Gebote sollen heute für ein Zweifamilienhaus in Hohentengen abgegeben werden. 830 Quadratmeter Grundstück. Baujahr unbekannt. „Irgendwann vor 1900“, sagt Rechtspflegerin Sabrina Exner, die die Versteigerung leitet. Eine Sanierung werde notwendig sein. Mieter, die übernommen werden müssten, gibt es nicht.

Es ist eine Teilungsversteigerung, das heißt, dass sich die vier Erben nicht über die weitere Verwendung des Hauses einigen konnten. Sie sind heute nicht anwesend.
260.000 Euro Verkehrswert hat der Gutachter zuvor festgelegt. Ob das Haus dieses Geld wert ist, kann man eigentlich kaum sagen. Denn: Keiner der Interessenten hat das Haus zuvor von innen gesehen. „Das ist eigentlich die Regel“, erklärt Exner.

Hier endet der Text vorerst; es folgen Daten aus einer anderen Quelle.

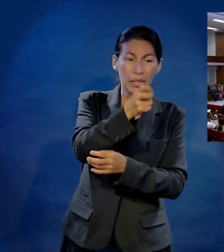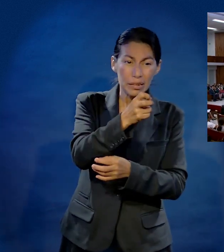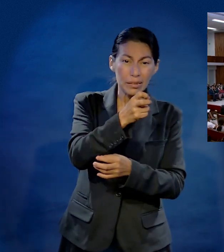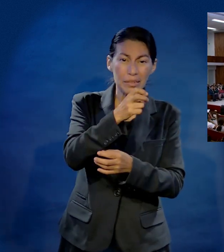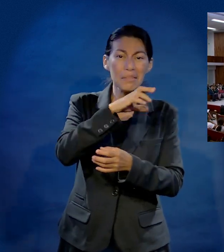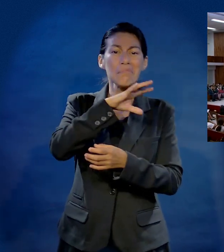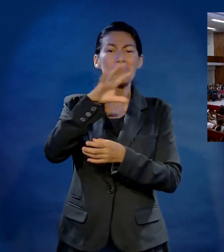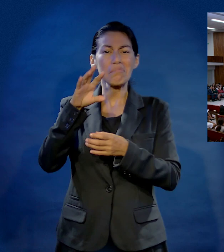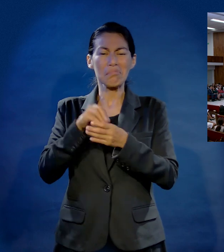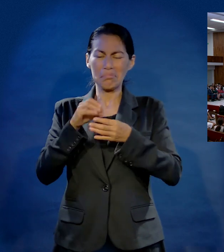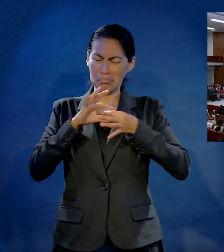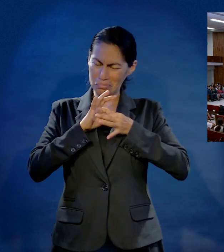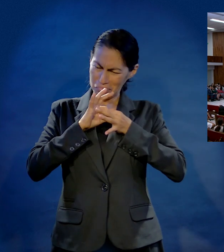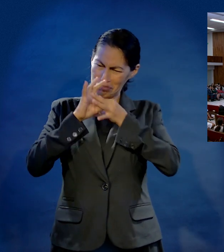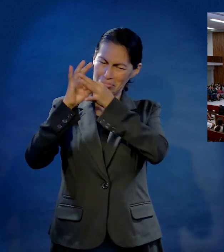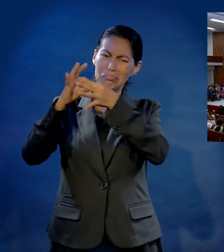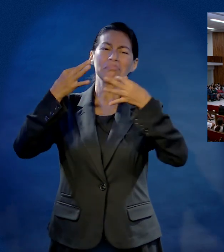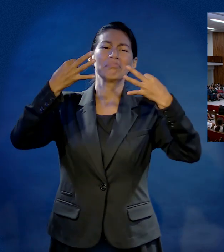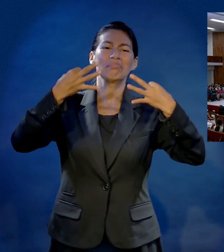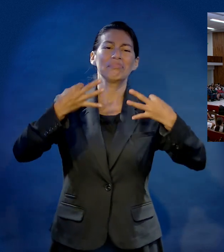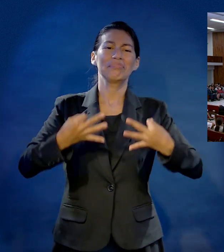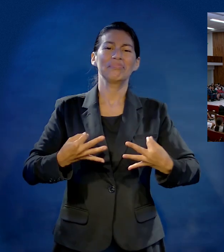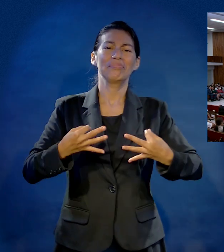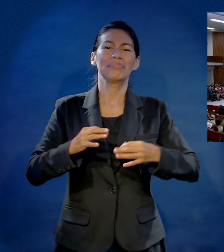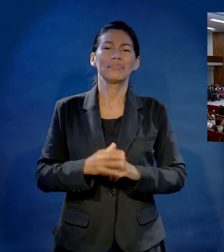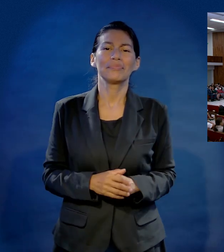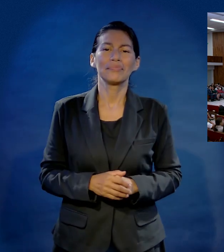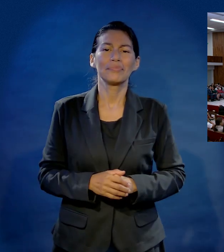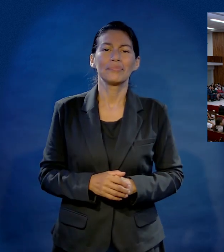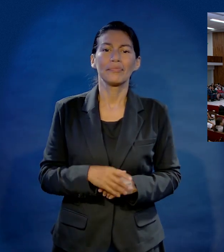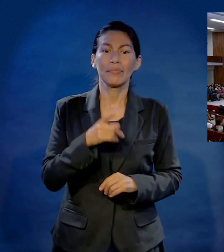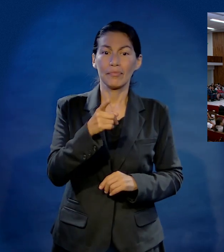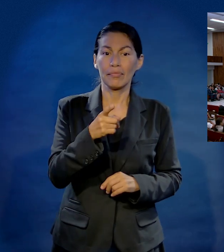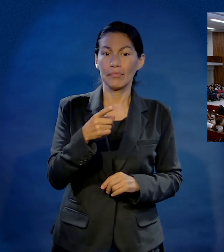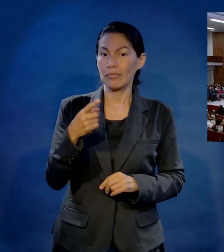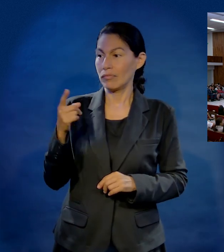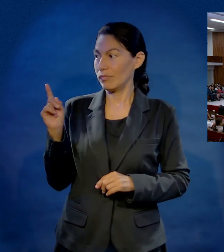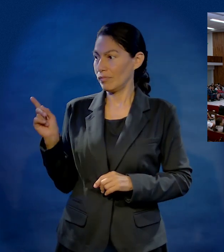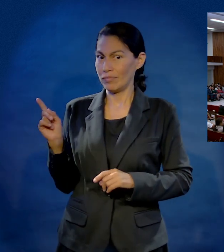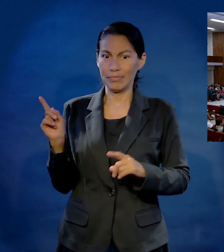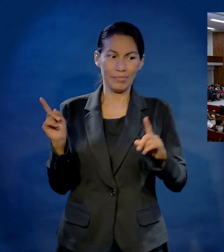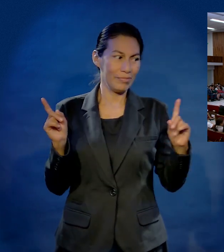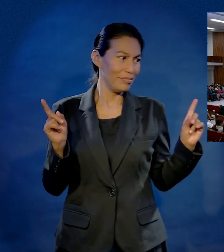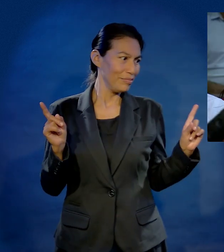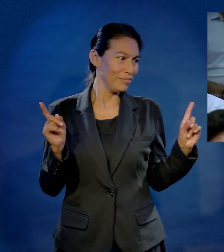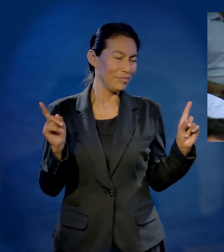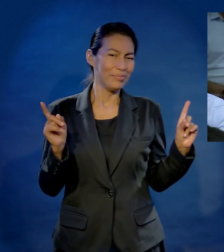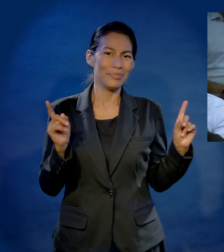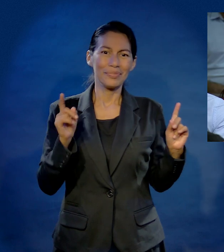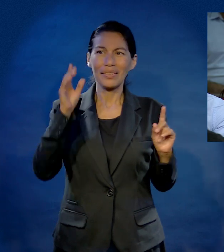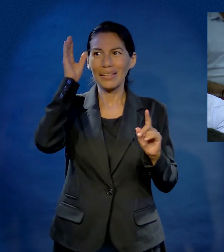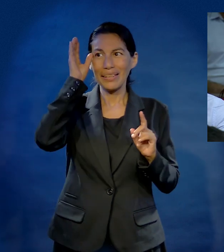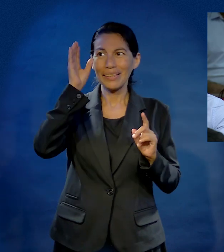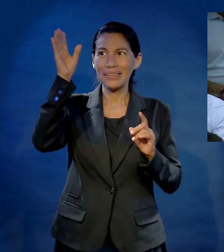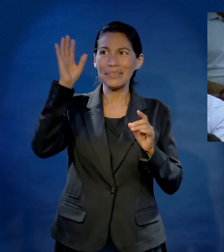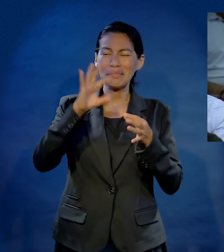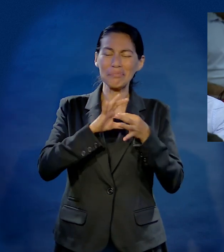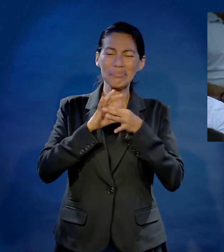Es una promesa del Señor. Dile al de al lado, con Cristo estarás pleno. Díle así al de al lado. Con Cristo estarás pleno.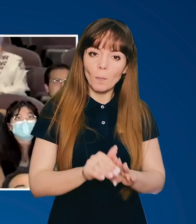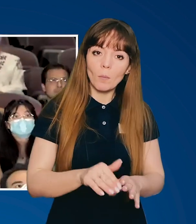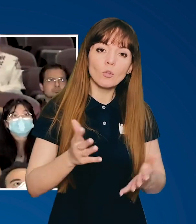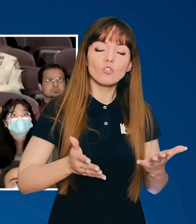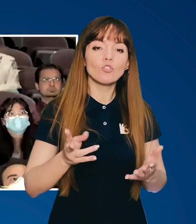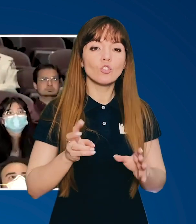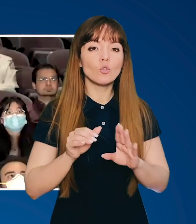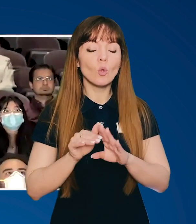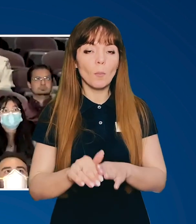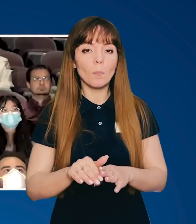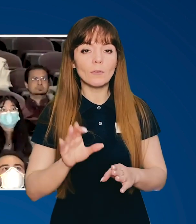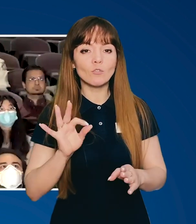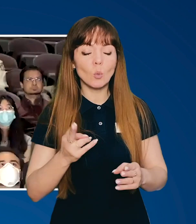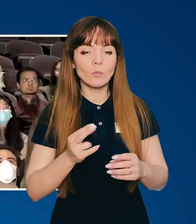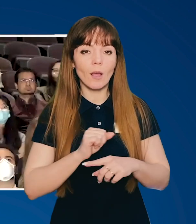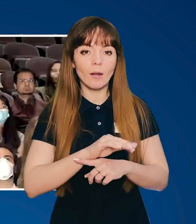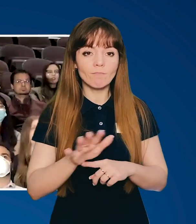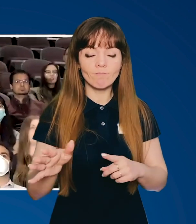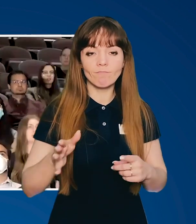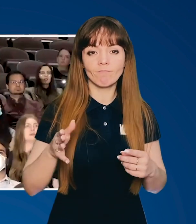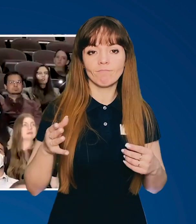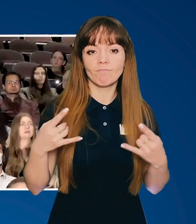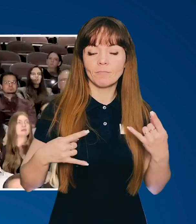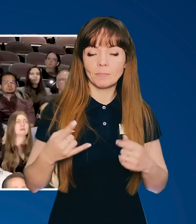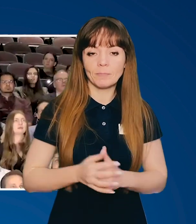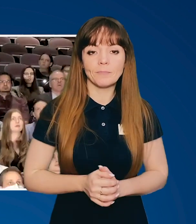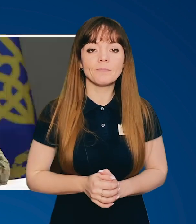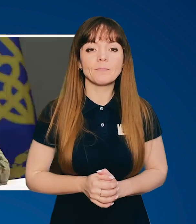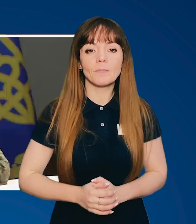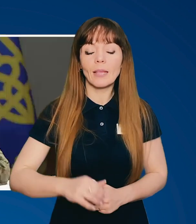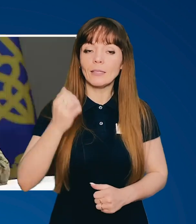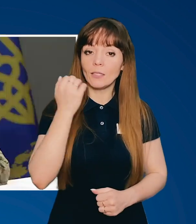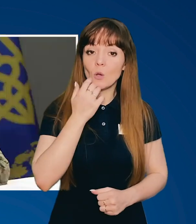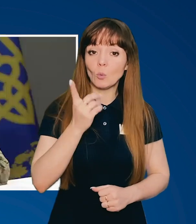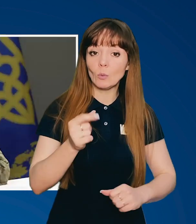соціальних мережах з точки зору висвітлення українських подій? Дякую за запитання.

Grundschulden seien keine mehr vorhanden und auch andere Rechte müsse der Ersteher nicht übernehmen, informiert die Rechtspflegerin vor Beginn der Versteigerung. Bei einem Endgebot von unter 130.000 Euro müsse sie von Amtswegen den Zuschlag versagen und das Mindestgebot muss bei der Höhe der Gerichtskosten von 12.247 Euro liegen, damit es gültig sei.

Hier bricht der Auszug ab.